Dataset content Block Start

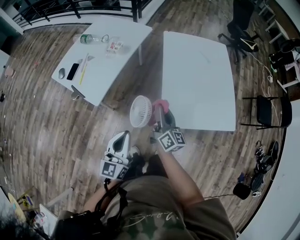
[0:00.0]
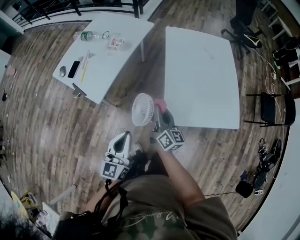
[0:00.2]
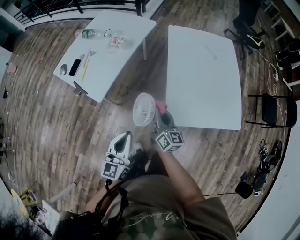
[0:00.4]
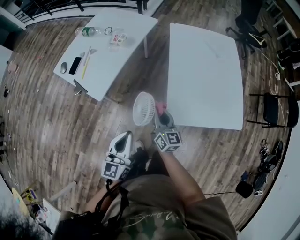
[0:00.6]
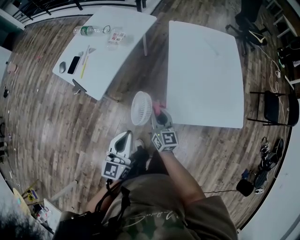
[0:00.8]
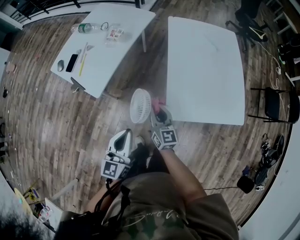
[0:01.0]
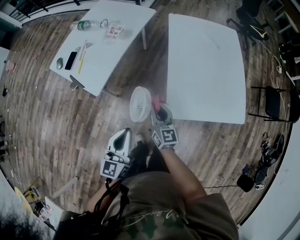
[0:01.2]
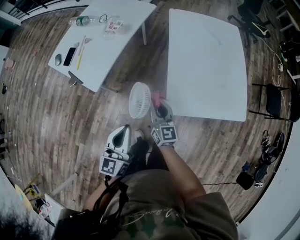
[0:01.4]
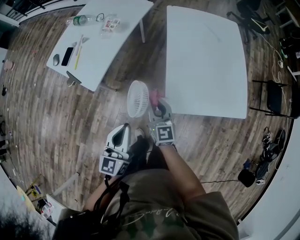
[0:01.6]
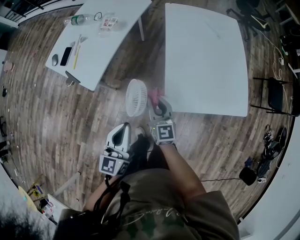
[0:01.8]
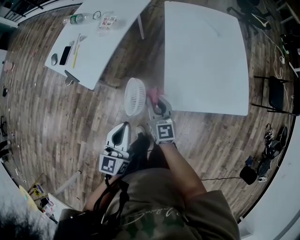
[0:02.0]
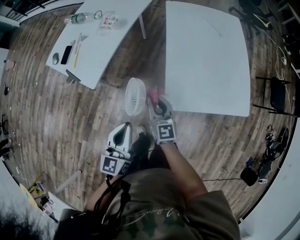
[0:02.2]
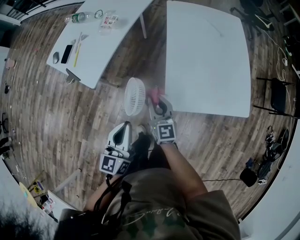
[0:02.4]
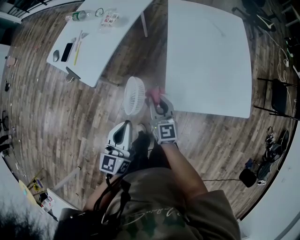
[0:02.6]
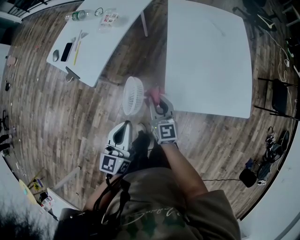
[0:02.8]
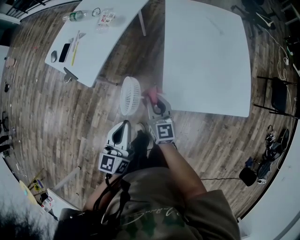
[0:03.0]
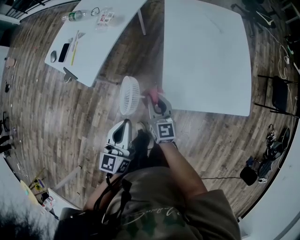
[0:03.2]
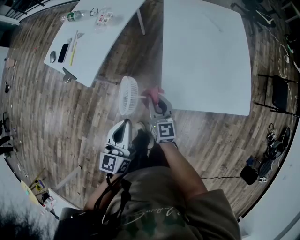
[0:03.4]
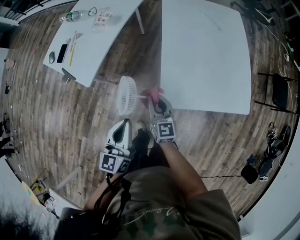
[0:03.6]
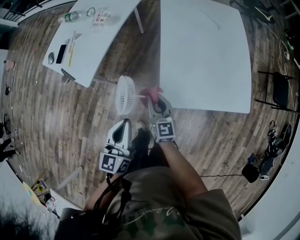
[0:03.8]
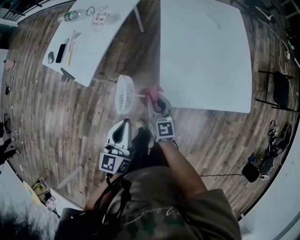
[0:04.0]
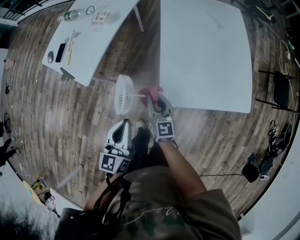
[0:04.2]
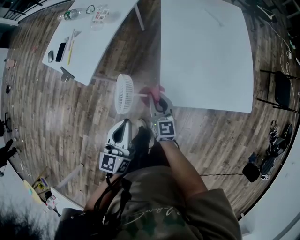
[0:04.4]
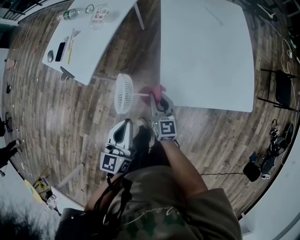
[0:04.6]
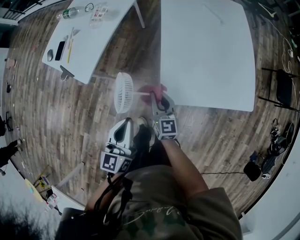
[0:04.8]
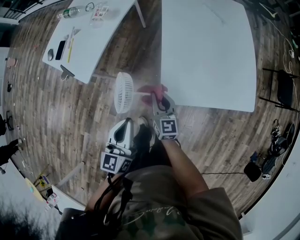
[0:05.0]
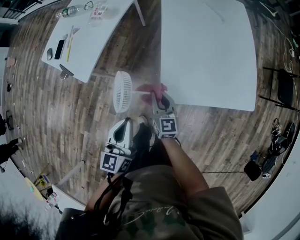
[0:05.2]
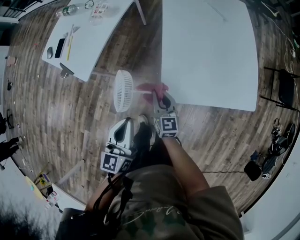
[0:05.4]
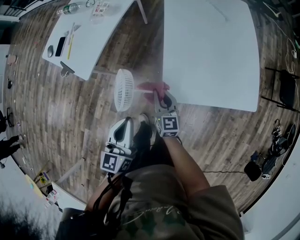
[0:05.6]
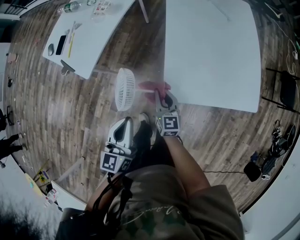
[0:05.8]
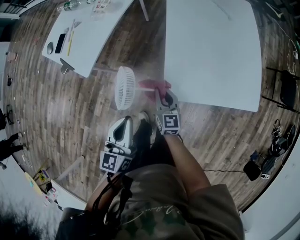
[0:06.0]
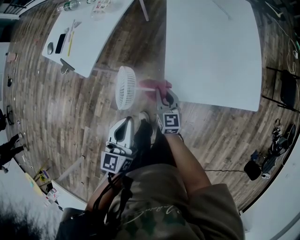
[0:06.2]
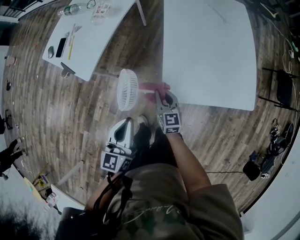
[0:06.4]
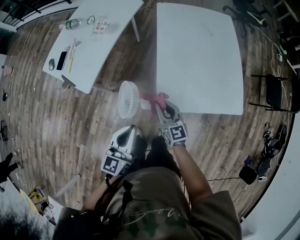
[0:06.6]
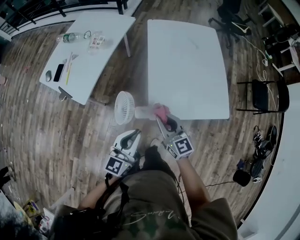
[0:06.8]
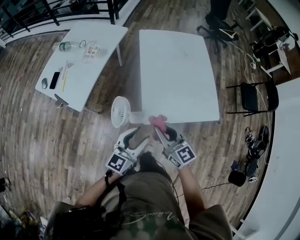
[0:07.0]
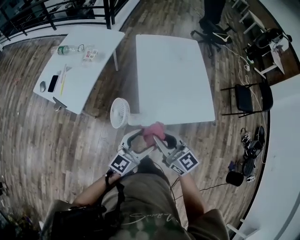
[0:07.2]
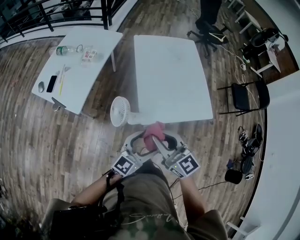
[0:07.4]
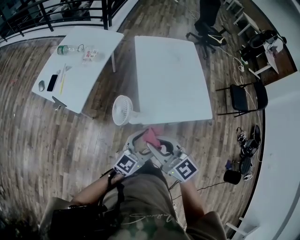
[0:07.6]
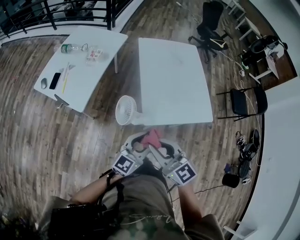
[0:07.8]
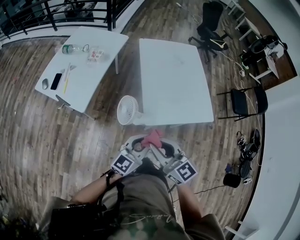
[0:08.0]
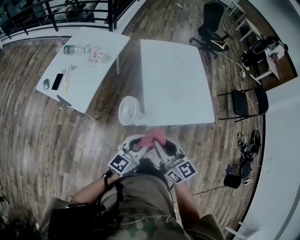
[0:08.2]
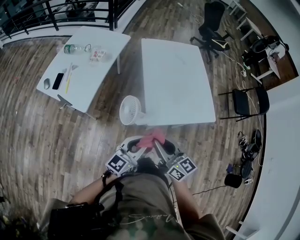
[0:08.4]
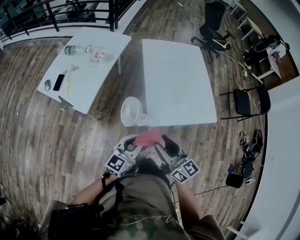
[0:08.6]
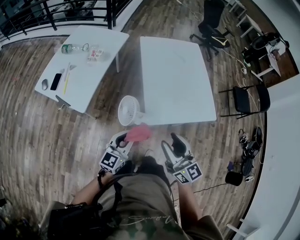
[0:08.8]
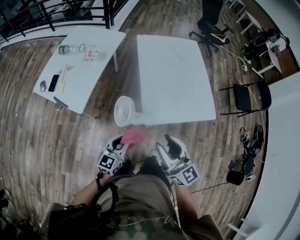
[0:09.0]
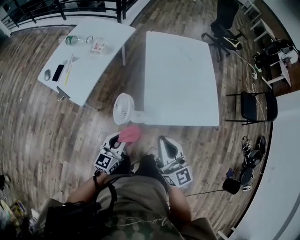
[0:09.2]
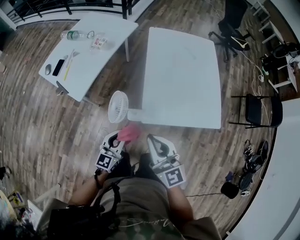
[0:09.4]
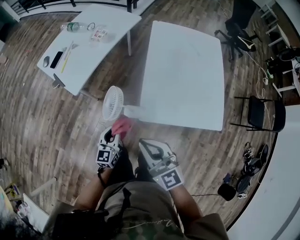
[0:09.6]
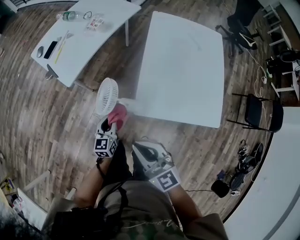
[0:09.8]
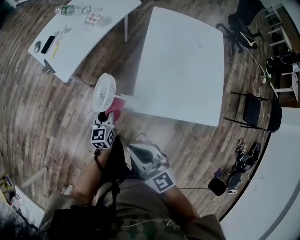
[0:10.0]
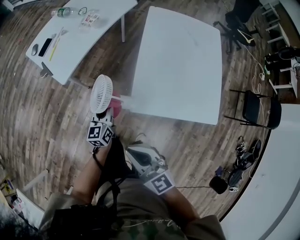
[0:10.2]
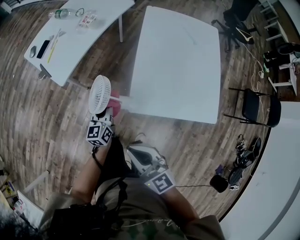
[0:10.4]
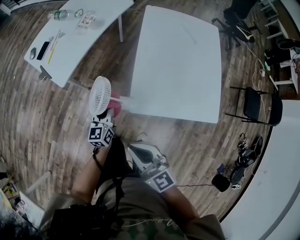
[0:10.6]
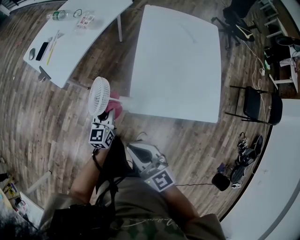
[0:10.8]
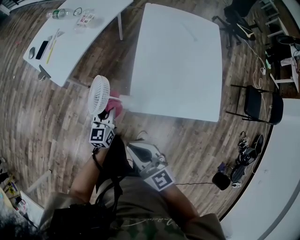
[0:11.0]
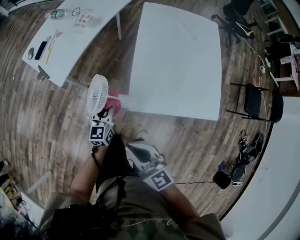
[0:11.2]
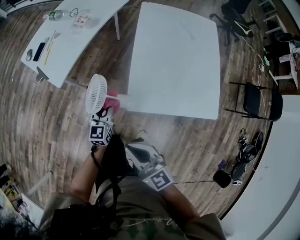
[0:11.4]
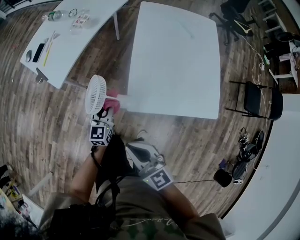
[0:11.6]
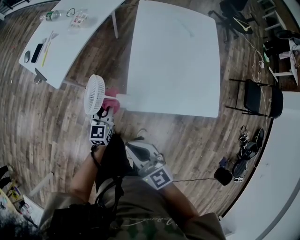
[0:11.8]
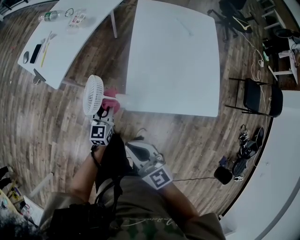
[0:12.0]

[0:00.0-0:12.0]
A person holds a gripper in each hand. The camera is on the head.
0:00.0 to 0:01.6: The right gripper is displaced downward and to the left by approximately 10 cm, and rotates about 30 degrees.
0:01.6 to 0:03.0: The grippers make only small movements.
0:03.0 to 0:04.4: There are only small adjustments of the grippers.
0:04.4 to 0:06.0: The right gripper goes approximately 5 cm downward.
0:06.0 to 0:07.6: The left gripper heads to the right, upward and backward, covering some 15 cm, rotates some 40 degrees, and opens its fingers. The right gripper moves upward and backward, roughly 35 cm, and rotates roughly 30 degrees.
0:07.6 to 0:09.0: The right gripper swivels approximately 20 degrees; the left gripper travels to the left and downward by some 15 cm, and closes.
0:09.0 to 0:10.4: The left gripper moves roughly 15 cm, and swivels approximately 40 degrees; the right gripper shifts some 10 cm downward, swivels roughly 30 degrees, and closes its fingers.
0:10.4 to 0:12.0: The left gripper swivels some 20 degrees.

Dataset content Block End

Transcribe the records above exactly, without images.

Result for this exercise:
[0:00.0]
[0:00.2]
[0:00.4]
[0:00.6]
[0:00.8]
[0:01.0]
[0:01.2]
[0:01.4]
[0:01.6]
[0:01.8]
[0:02.0]
[0:02.2]
[0:02.4]
[0:02.6]
[0:02.8]
[0:03.0]
[0:03.2]
[0:03.4]
[0:03.6]
[0:03.8]
[0:04.0]
[0:04.2]
[0:04.4]
[0:04.6]
[0:04.8]
[0:05.0]
[0:05.2]
[0:05.4]
[0:05.6]
[0:05.8]
[0:06.0]
[0:06.2]
[0:06.4]
[0:06.6]
[0:06.8]
[0:07.0]
[0:07.2]
[0:07.4]
[0:07.6]
[0:07.8]
[0:08.0]
[0:08.2]
[0:08.4]
[0:08.6]
[0:08.8]
[0:09.0]
[0:09.2]
[0:09.4]
[0:09.6]
[0:09.8]
[0:10.0]
[0:10.2]
[0:10.4]
[0:10.6]
[0:10.8]
[0:11.0]
[0:11.2]
[0:11.4]
[0:11.6]
[0:11.8]
[0:12.0]

[0:00.0-0:12.0]
A person holds a gripper in each hand. The camera is on the head.
0:00.0 to 0:01.6: The right gripper is displaced downward and to the left by approximately 10 cm, and rotates about 30 degrees.
0:01.6 to 0:03.0: The grippers make only small movements.
0:03.0 to 0:04.4: There are only small adjustments of the grippers.
0:04.4 to 0:06.0: The right gripper goes approximately 5 cm downward.
0:06.0 to 0:07.6: The left gripper heads to the right, upward and backward, covering some 15 cm, rotates some 40 degrees, and opens its fingers. The right gripper moves upward and backward, roughly 35 cm, and rotates roughly 30 degrees.
0:07.6 to 0:09.0: The right gripper swivels approximately 20 degrees; the left gripper travels to the left and downward by some 15 cm, and closes.
0:09.0 to 0:10.4: The left gripper moves roughly 15 cm, and swivels approximately 40 degrees; the right gripper shifts some 10 cm downward, swivels roughly 30 degrees, and closes its fingers.
0:10.4 to 0:12.0: The left gripper swivels some 20 degrees.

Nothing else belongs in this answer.